> [Requirement]: Please reply with one number only: how many lines in the entries below contain the string "fill".

> [Supplied data]:

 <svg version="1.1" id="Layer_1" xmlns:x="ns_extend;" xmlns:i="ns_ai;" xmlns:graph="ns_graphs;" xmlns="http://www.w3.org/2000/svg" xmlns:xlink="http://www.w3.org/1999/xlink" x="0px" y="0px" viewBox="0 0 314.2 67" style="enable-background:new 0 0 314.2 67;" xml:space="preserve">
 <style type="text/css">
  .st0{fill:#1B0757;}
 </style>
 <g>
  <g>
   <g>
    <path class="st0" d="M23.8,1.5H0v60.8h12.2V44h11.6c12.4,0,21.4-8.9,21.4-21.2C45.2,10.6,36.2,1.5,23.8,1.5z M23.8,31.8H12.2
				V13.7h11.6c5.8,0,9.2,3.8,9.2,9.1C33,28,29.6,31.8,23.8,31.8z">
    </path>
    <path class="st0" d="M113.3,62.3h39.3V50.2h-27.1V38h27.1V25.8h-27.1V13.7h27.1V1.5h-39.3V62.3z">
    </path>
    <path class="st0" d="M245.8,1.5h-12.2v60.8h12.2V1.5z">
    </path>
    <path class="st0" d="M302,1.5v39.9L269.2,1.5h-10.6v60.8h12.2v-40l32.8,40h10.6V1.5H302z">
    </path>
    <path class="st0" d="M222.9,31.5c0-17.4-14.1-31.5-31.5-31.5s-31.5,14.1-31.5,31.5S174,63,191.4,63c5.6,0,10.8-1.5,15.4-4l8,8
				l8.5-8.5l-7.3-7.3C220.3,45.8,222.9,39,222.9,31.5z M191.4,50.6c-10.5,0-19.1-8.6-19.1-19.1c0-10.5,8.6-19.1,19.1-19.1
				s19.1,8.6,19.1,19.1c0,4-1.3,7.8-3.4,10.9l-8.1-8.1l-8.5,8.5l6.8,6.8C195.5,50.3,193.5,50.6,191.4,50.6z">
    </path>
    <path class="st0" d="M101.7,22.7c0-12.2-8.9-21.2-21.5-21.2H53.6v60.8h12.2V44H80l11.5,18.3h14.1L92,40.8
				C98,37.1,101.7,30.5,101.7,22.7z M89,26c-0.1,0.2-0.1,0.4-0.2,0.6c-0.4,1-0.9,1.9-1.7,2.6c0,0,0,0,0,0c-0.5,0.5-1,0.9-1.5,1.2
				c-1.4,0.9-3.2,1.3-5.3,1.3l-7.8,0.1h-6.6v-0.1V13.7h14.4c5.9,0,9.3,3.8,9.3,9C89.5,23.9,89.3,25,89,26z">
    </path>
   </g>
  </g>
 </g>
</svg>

---

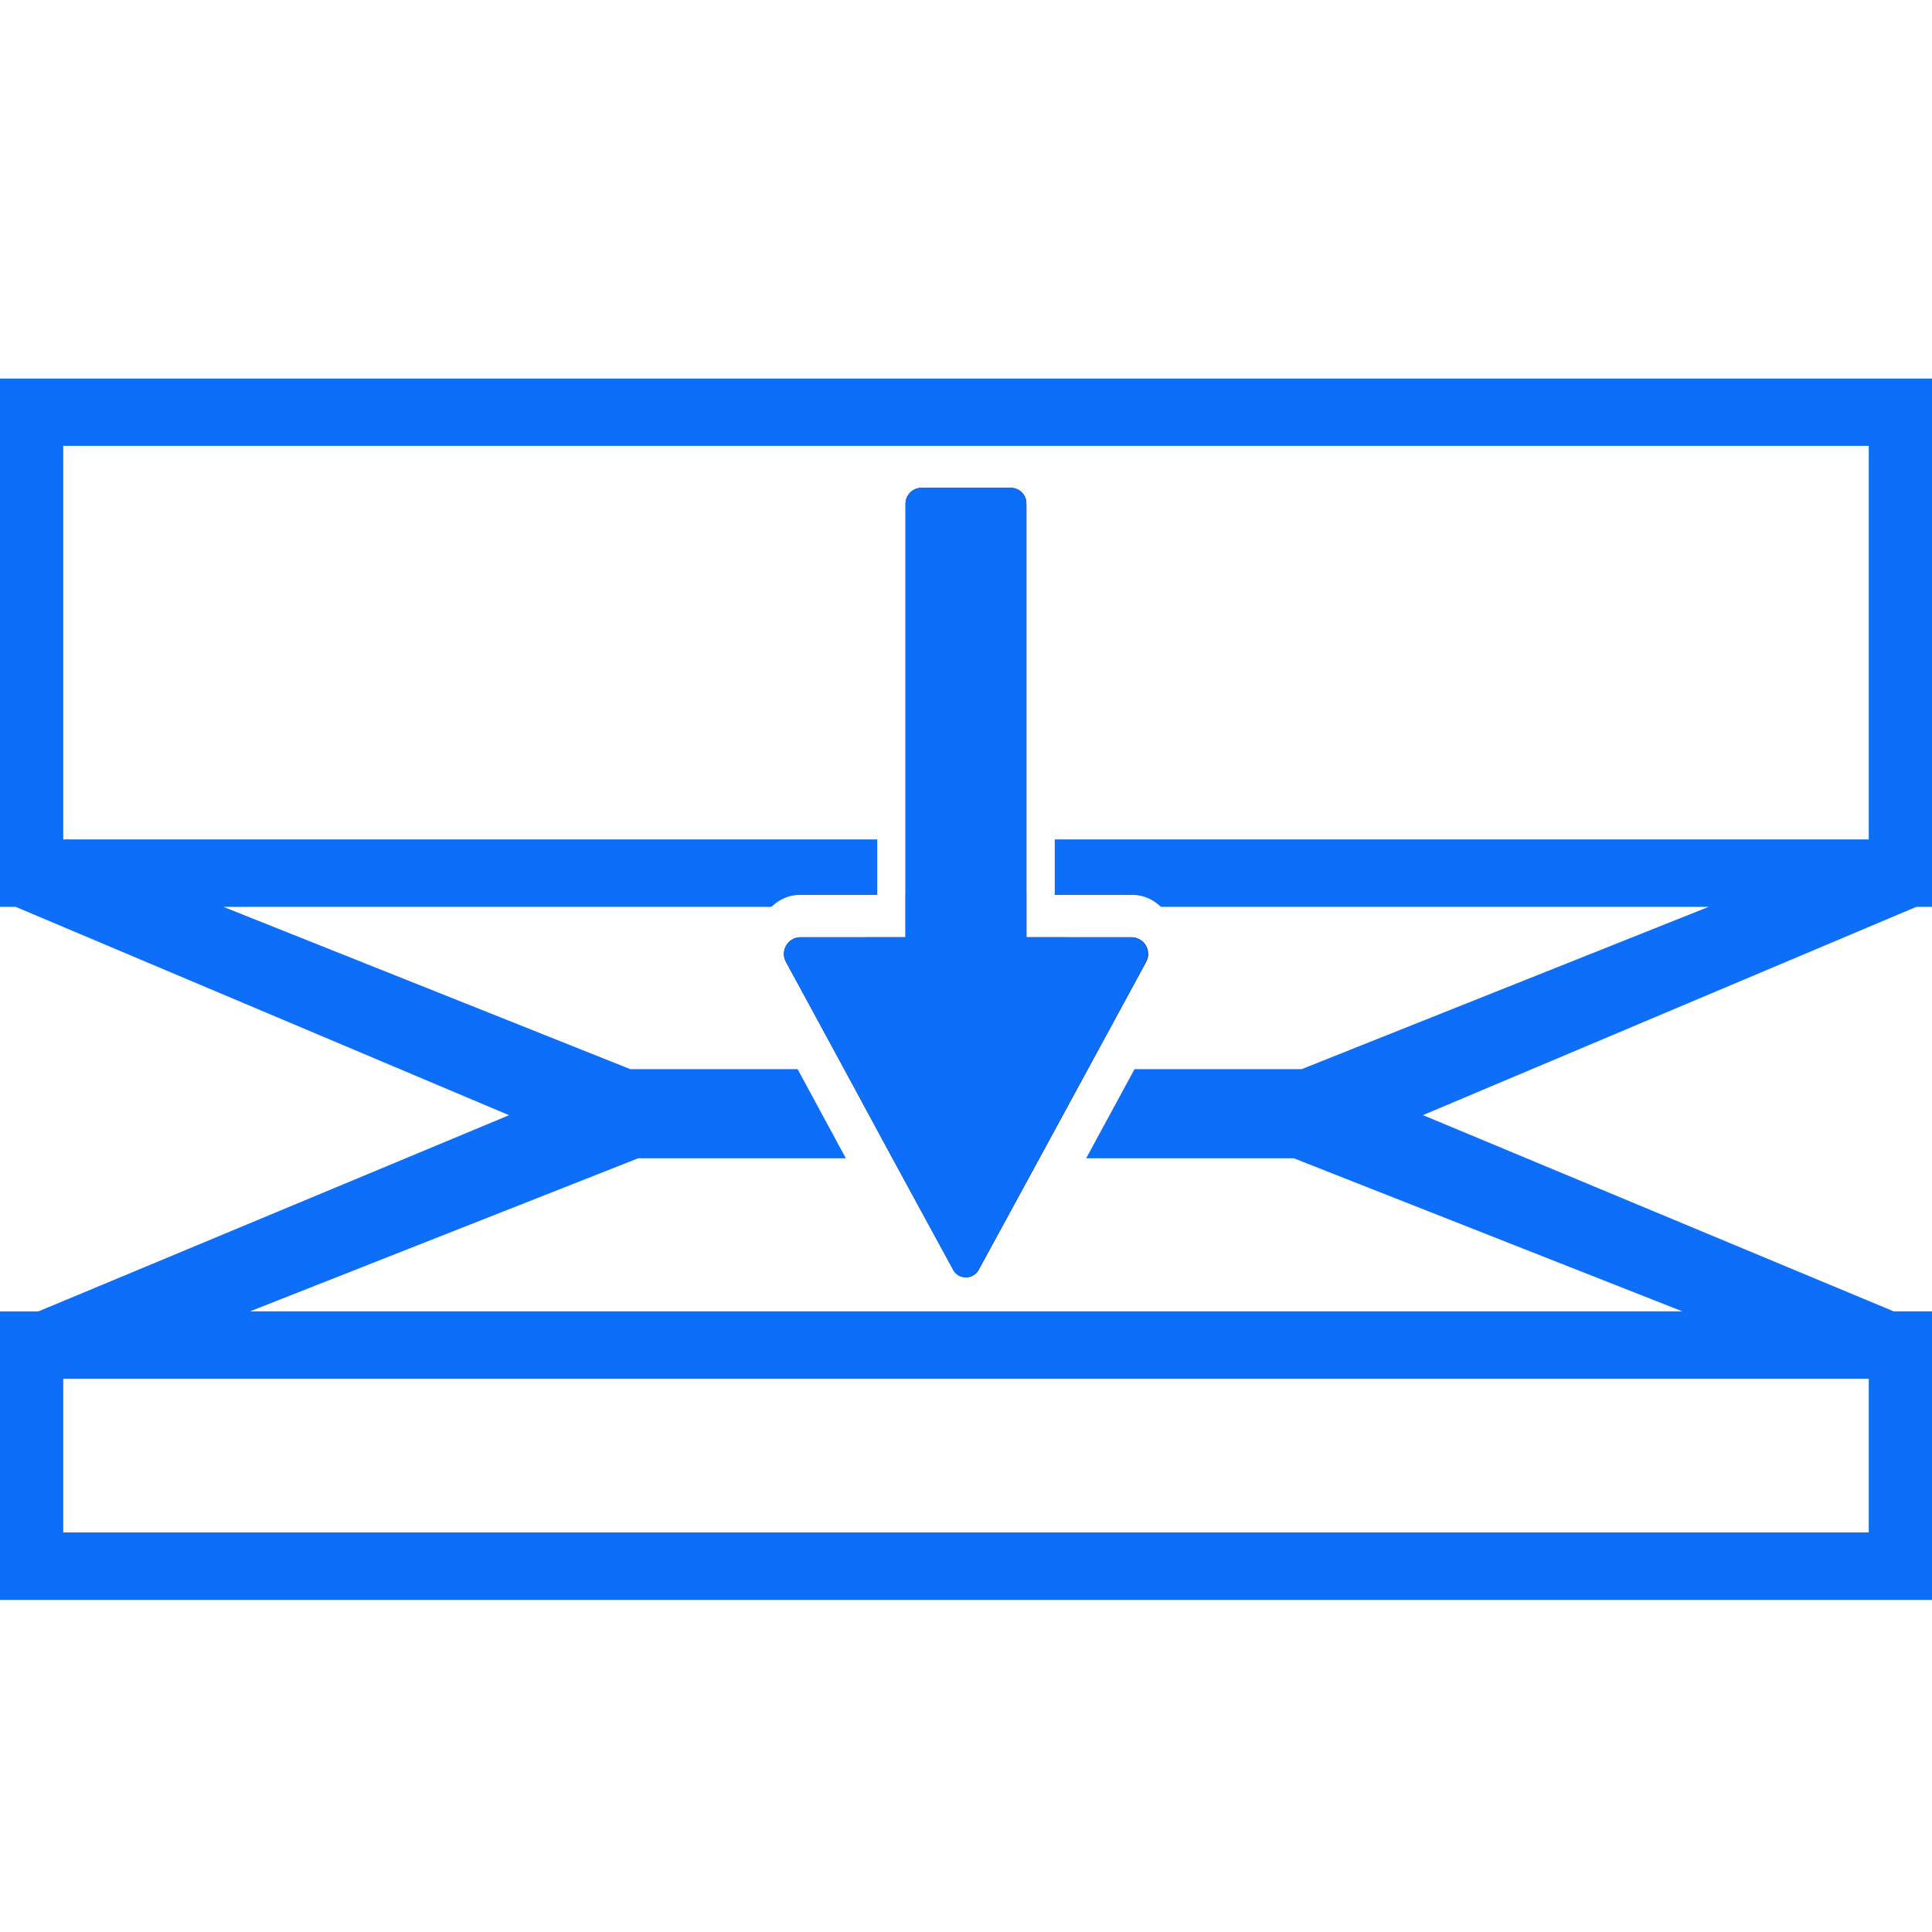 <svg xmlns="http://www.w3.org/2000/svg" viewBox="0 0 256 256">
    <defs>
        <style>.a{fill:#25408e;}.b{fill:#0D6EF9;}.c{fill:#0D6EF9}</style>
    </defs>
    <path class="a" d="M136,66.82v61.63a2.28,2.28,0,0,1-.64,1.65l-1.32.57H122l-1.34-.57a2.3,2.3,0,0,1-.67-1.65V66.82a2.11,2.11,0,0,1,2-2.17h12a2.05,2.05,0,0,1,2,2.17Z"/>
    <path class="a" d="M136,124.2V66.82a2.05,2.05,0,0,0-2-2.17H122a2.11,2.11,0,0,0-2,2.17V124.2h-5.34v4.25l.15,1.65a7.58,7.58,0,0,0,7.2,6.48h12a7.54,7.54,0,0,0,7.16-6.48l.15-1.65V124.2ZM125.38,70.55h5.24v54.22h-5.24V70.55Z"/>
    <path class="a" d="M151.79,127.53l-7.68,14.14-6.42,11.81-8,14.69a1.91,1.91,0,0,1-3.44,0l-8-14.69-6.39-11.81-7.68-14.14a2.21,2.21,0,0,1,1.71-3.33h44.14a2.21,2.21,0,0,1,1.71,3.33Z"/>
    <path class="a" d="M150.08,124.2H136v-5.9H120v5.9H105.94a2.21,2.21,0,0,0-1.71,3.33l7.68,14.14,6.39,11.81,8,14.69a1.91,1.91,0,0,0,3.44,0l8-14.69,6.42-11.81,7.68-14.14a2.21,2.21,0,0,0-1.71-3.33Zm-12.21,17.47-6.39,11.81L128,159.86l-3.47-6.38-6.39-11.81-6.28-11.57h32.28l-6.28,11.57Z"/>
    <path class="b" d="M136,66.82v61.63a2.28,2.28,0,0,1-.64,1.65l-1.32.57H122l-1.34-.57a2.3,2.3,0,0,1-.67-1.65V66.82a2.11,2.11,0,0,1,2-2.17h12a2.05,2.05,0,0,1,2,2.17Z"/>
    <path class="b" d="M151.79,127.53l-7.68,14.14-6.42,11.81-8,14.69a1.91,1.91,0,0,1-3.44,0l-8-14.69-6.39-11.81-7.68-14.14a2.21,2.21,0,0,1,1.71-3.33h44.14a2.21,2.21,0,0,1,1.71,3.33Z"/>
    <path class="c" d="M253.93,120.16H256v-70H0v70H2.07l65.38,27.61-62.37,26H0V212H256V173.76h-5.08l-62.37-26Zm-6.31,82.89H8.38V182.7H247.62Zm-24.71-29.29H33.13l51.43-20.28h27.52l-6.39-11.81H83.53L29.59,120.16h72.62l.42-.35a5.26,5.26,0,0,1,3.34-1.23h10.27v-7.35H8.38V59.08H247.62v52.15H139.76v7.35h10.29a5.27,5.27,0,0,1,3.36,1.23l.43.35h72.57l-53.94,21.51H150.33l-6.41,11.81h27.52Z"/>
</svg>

> [Exercise answer]: 2